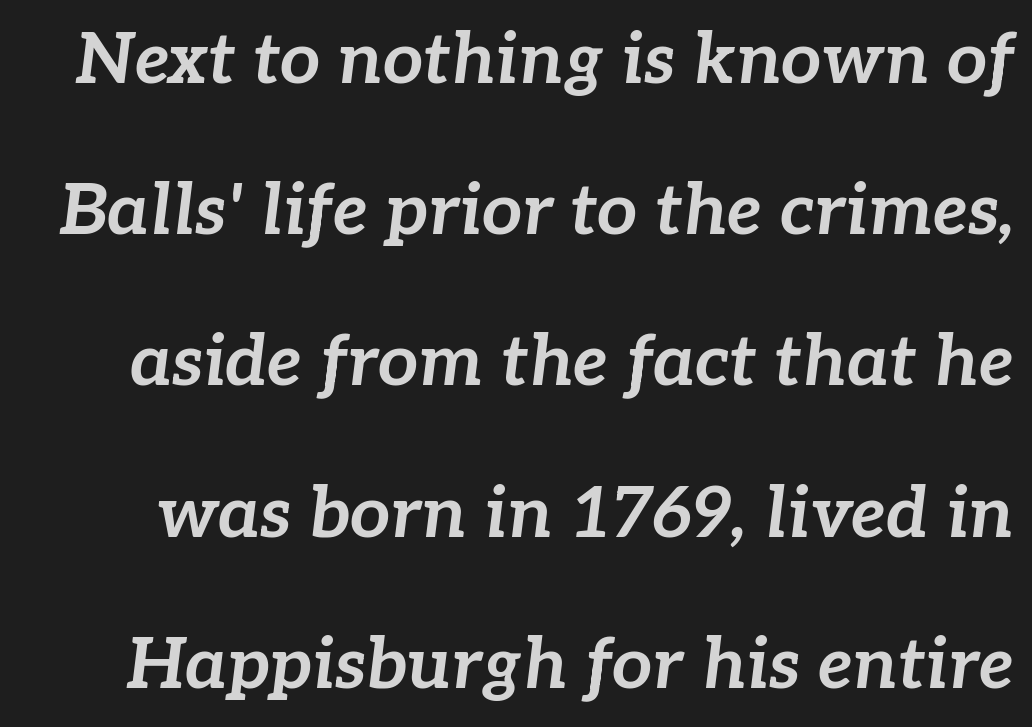
The axis of the letterforms is tilted away from vertical. Look at the stroke-to-counter ratio: heavy, a bold. The leading is generous, giving the passage an open texture. How are the letters spaced? Ordinarily, with no added tracking. Note the varied advance widths — an 'i' is clearly narrower than an 'm'. Nobody drew a line under any word here.
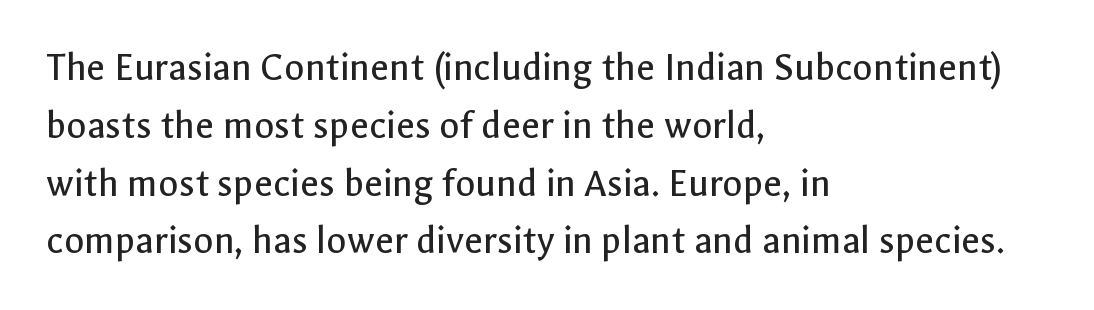
This rendering uses left alignment, leaving the right contour irregular. Bold? No — there's no thickening of the strokes. A roman cut, with each character standing at attention. Is the letter spacing exaggerated? No — it looks like the ordinary default. Bare-footed words on every line. Notice how descenders clear the ascenders below comfortably — that's standard leading.
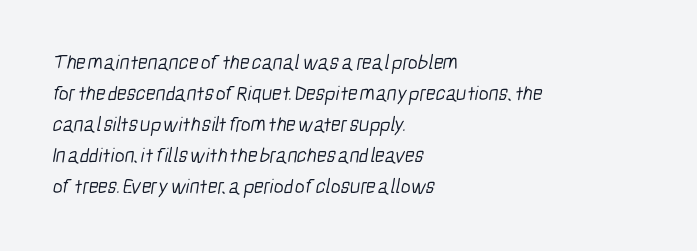
The image shows 21 px text type; set left-aligned, normal line spacing (1.48x), normal letter spacing, not underlined.
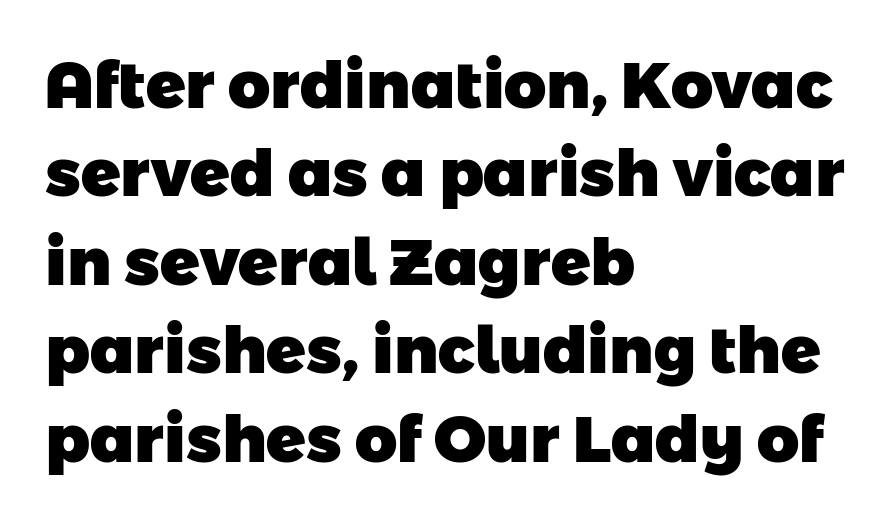
Q: Is the text bold? A: Yes.
Q: Is the typeface a serif or a sans-serif typeface? A: Sans-serif.
Q: Is the text underlined? A: No.
Q: How is the paragraph aligned? A: Left-aligned.
Q: Is the spacing between letters normal or unusually wide? A: Normal.
Q: Is the spacing between lines tight, normal or loose? A: Normal.
Q: Width (condensed, normal, or wide)? A: Normal.
Q: Stroke contrast? A: Low.
Q: x-height? A: Medium.
Q: Monospaced? A: No.
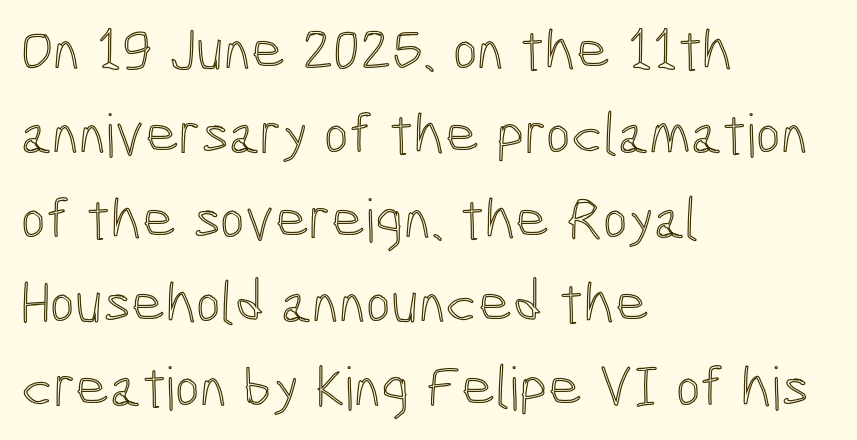
The passage is arranged the way most books set body copy — flush left. Spacing verdict: proportional, widths tailored to each character. Decoration check: the copy has no underline. Standard letterfit; no display-style spreading of the glyphs.
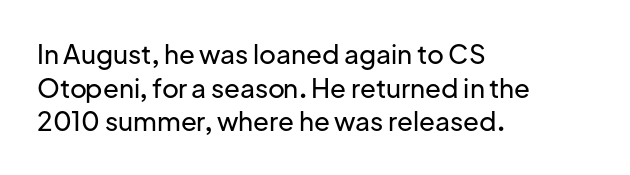
Q: Is the text italic (slanted)? A: No, it is upright.
Q: Is the text underlined? A: No.
Q: How is the paragraph aligned? A: Left-aligned.
Q: Is the spacing between letters normal or unusually wide? A: Normal.
Q: Is the spacing between lines tight, normal or loose? A: Normal.
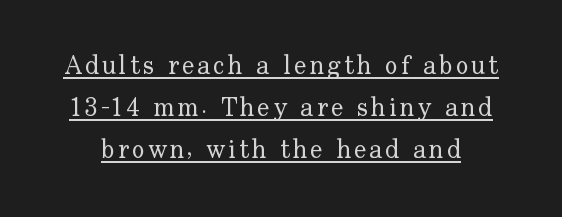
Q: Is the text bold? A: No.
Q: Is the text italic (slanted)? A: No, it is upright.
Q: Is the text underlined? A: Yes.
Q: Is the spacing between lines tight, normal or loose? A: Normal.
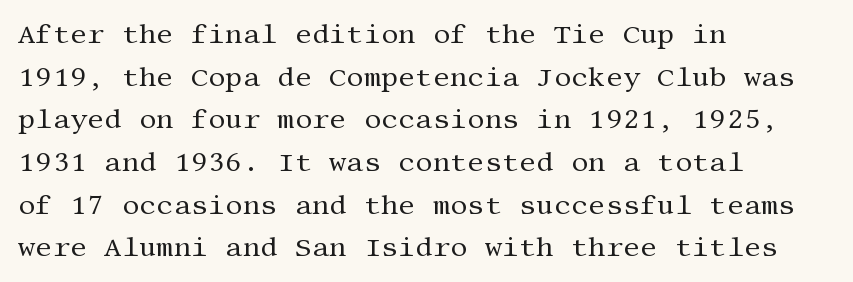
The image shows 27 px text type, upright; set left-aligned, normal line spacing (1.58x), normal letter spacing, not underlined.

-*-*-

Using the records above, report how many lines include "image", with no words around the number.

* _Answer box_:
2